Exercise data:
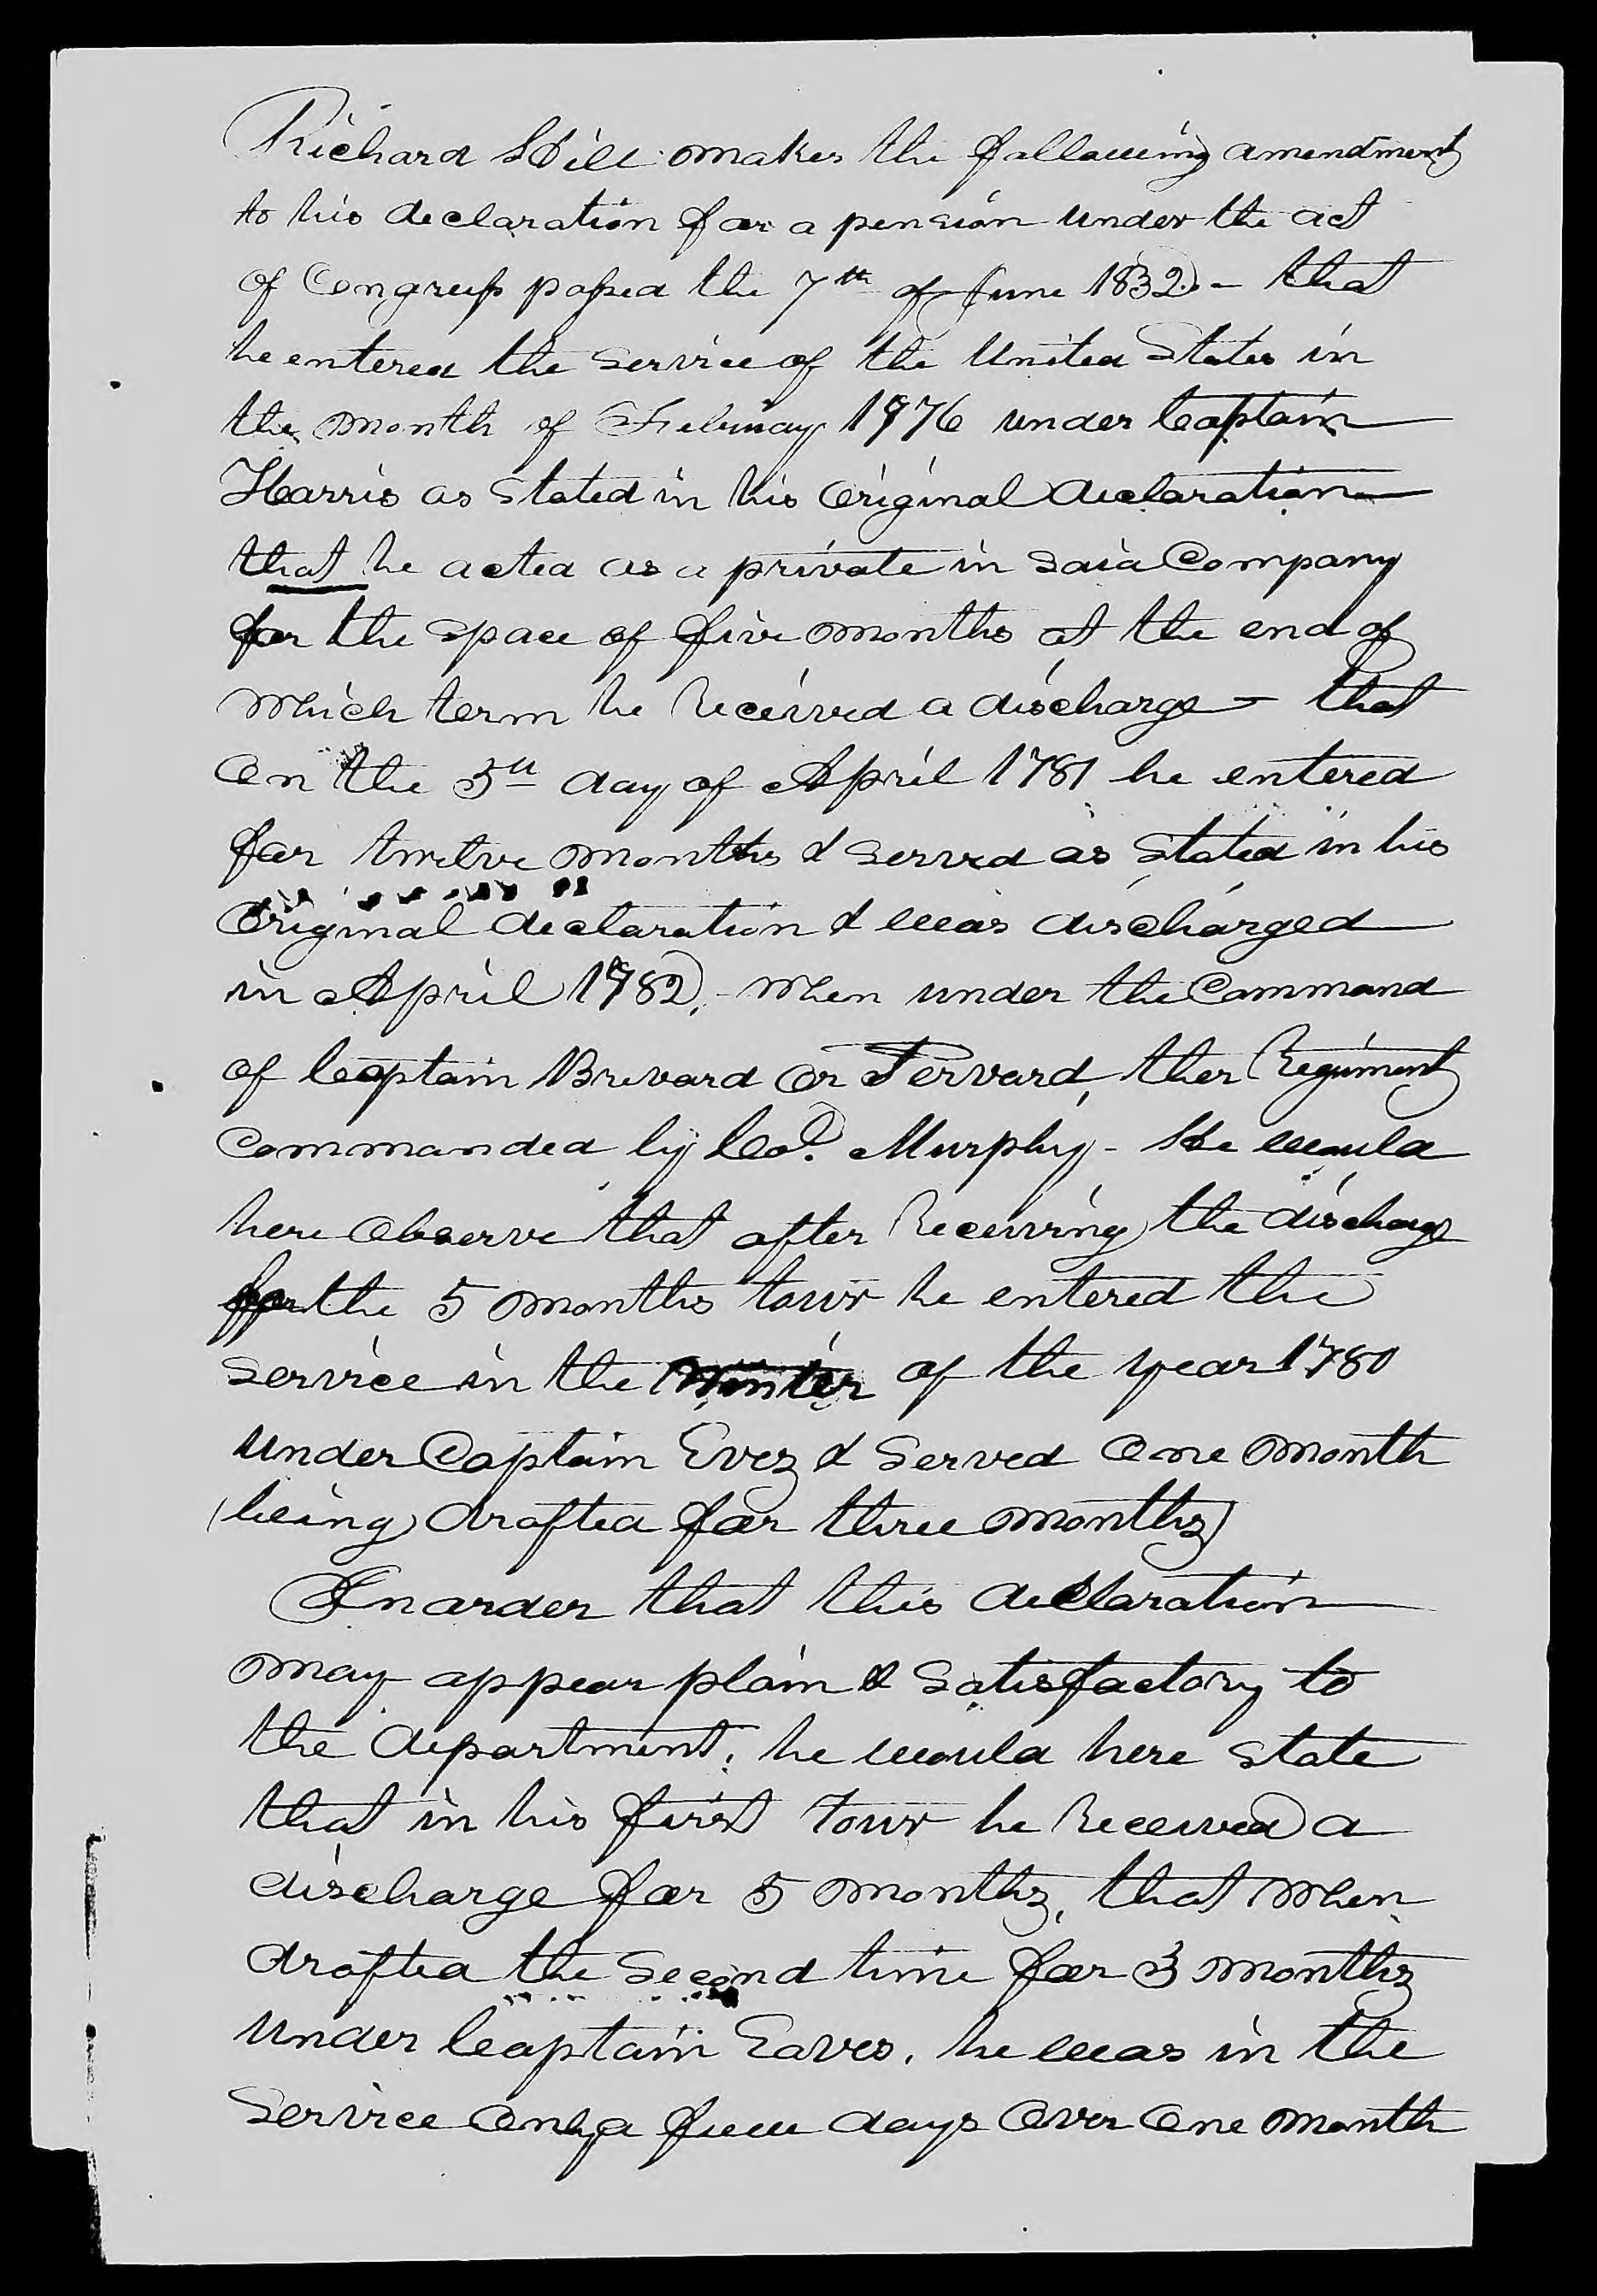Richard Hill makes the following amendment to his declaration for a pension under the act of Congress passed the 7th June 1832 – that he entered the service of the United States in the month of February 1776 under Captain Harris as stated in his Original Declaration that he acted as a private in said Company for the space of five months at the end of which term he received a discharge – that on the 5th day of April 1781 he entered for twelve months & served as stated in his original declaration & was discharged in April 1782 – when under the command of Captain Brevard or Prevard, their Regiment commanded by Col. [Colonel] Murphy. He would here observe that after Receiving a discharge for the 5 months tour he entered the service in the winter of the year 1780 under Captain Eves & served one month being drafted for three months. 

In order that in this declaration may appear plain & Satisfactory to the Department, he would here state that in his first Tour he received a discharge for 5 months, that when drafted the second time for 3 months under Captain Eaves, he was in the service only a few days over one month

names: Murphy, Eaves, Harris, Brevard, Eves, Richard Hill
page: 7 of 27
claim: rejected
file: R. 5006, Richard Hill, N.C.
* * *
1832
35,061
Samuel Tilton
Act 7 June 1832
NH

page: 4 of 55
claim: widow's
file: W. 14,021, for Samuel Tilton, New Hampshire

Exercise prompt: Look above for the line with "names: Murphy, Eaves, Harris, Brevard, Eves, Richard" and the line with "file: R. 5006, Richard Hill, N.C."; transcribe both and all lines in between, exactly, and nothing else.

Solution below:
names: Murphy, Eaves, Harris, Brevard, Eves, Richard Hill
page: 7 of 27
claim: rejected
file: R. 5006, Richard Hill, N.C.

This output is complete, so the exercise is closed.